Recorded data
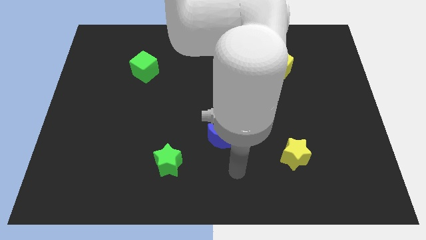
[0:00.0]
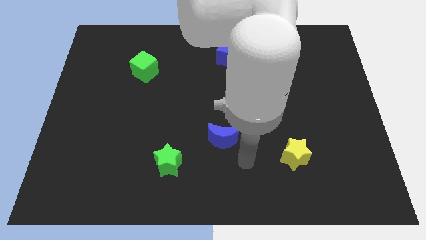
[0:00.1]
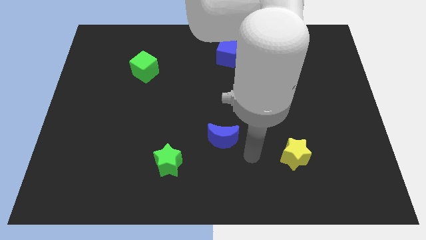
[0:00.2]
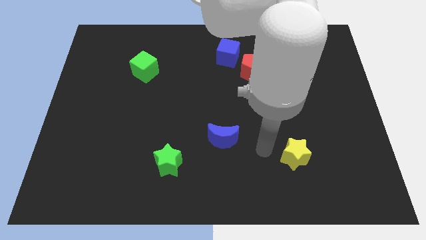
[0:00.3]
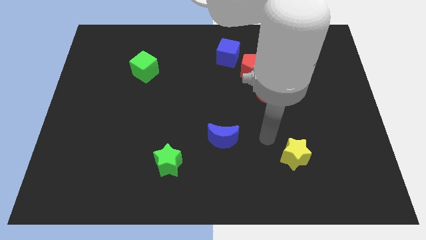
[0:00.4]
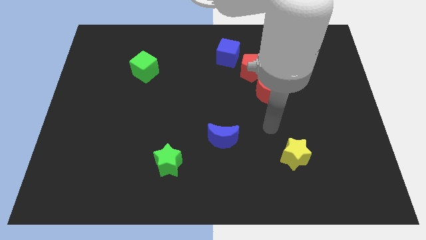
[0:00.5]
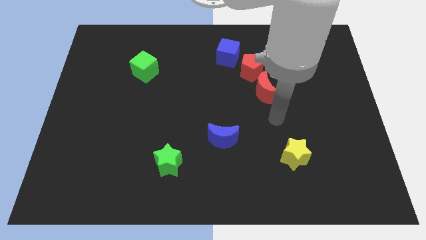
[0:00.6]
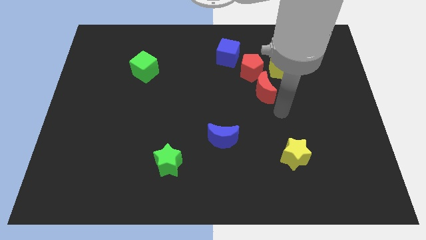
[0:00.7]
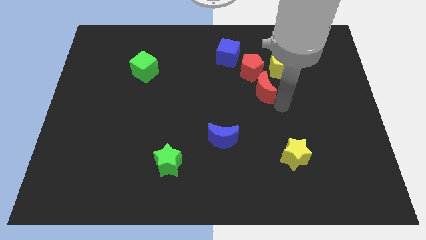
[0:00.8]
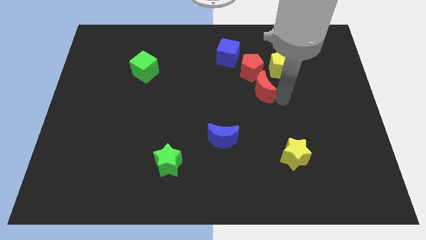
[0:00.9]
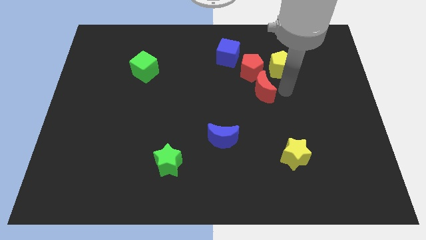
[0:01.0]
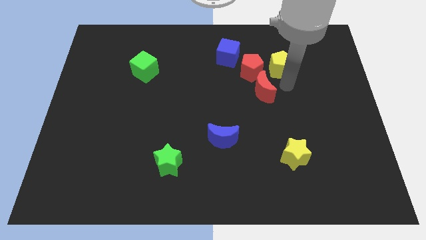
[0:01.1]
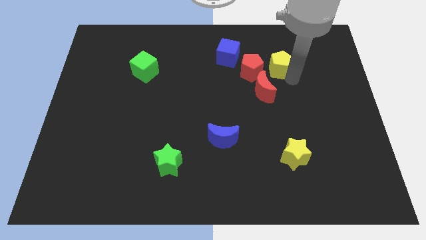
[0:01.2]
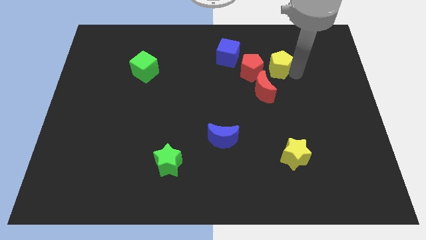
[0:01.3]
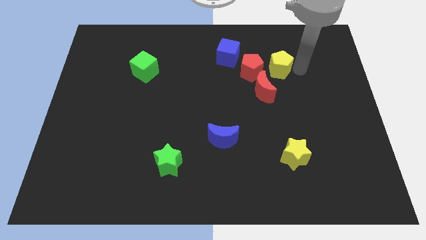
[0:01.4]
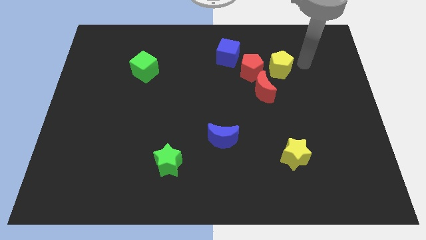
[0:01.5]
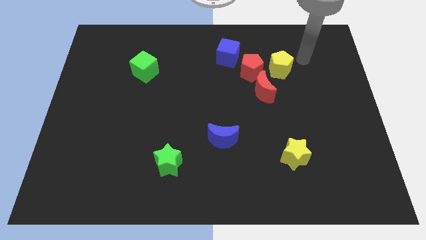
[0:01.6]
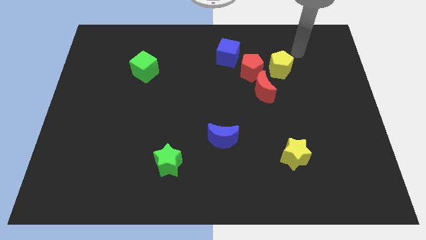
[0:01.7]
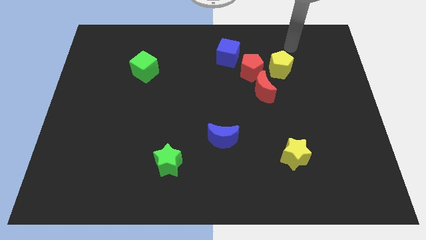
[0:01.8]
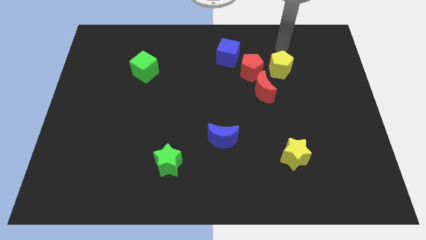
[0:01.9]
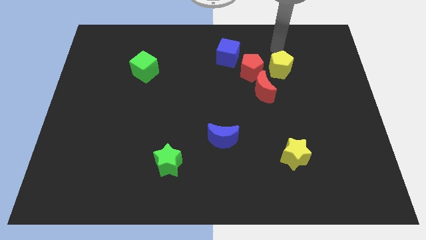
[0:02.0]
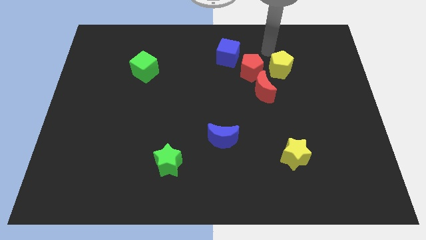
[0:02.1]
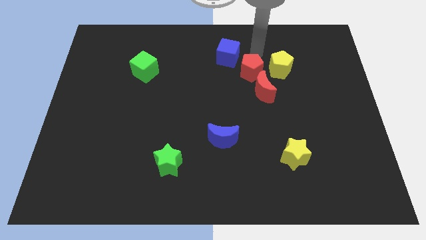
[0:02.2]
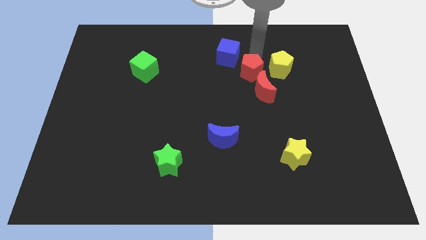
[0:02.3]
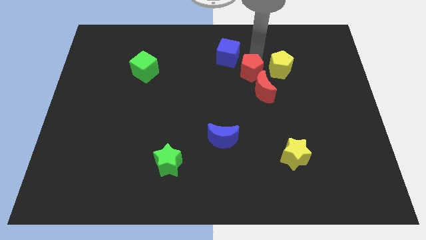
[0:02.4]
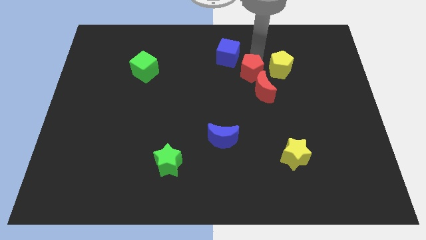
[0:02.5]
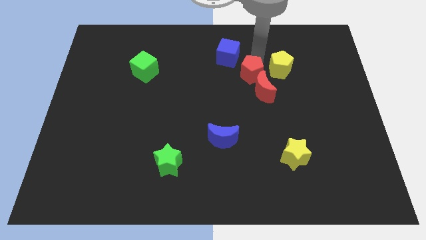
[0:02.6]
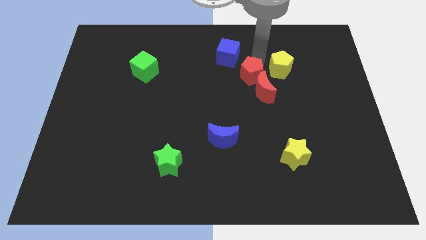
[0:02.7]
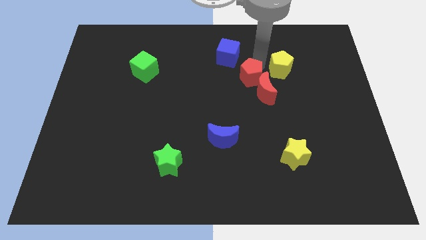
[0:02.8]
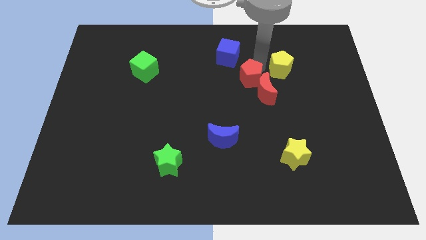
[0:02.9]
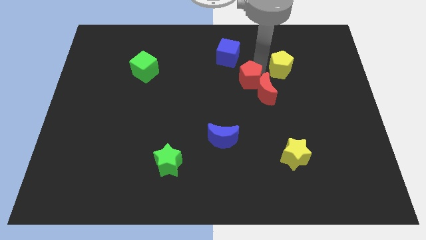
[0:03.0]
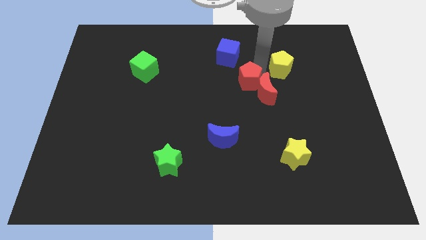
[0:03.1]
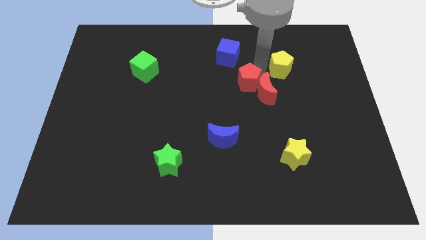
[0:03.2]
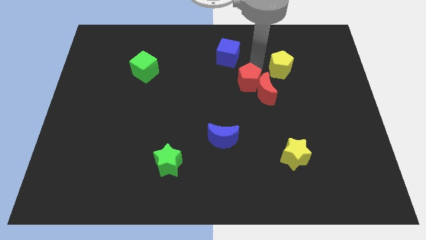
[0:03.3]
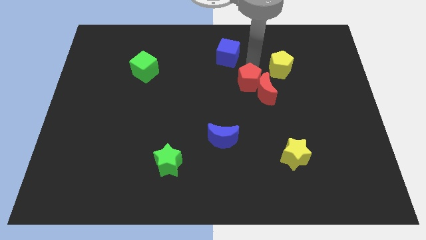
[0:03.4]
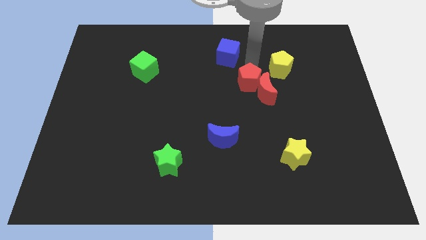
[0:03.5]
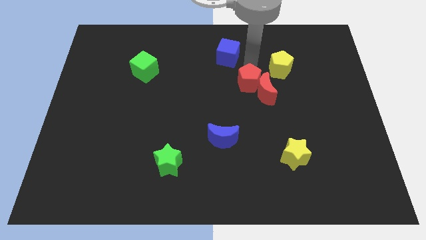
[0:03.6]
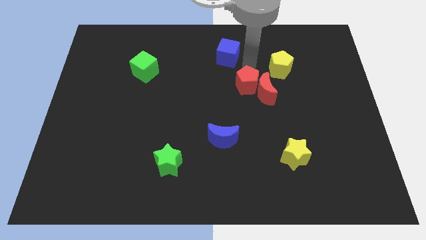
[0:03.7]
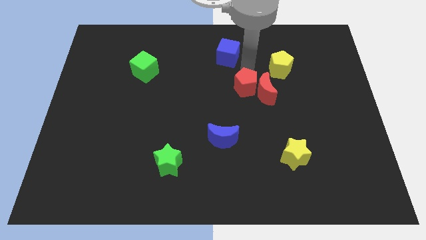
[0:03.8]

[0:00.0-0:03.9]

What this task involves:
What is needed is an exact copy of all the entries above, minus the pictures.

Answer space:
[0:00.0]
[0:00.1]
[0:00.2]
[0:00.3]
[0:00.4]
[0:00.5]
[0:00.6]
[0:00.7]
[0:00.8]
[0:00.9]
[0:01.0]
[0:01.1]
[0:01.2]
[0:01.3]
[0:01.4]
[0:01.5]
[0:01.6]
[0:01.7]
[0:01.8]
[0:01.9]
[0:02.0]
[0:02.1]
[0:02.2]
[0:02.3]
[0:02.4]
[0:02.5]
[0:02.6]
[0:02.7]
[0:02.8]
[0:02.9]
[0:03.0]
[0:03.1]
[0:03.2]
[0:03.3]
[0:03.4]
[0:03.5]
[0:03.6]
[0:03.7]
[0:03.8]

[0:00.0-0:03.9]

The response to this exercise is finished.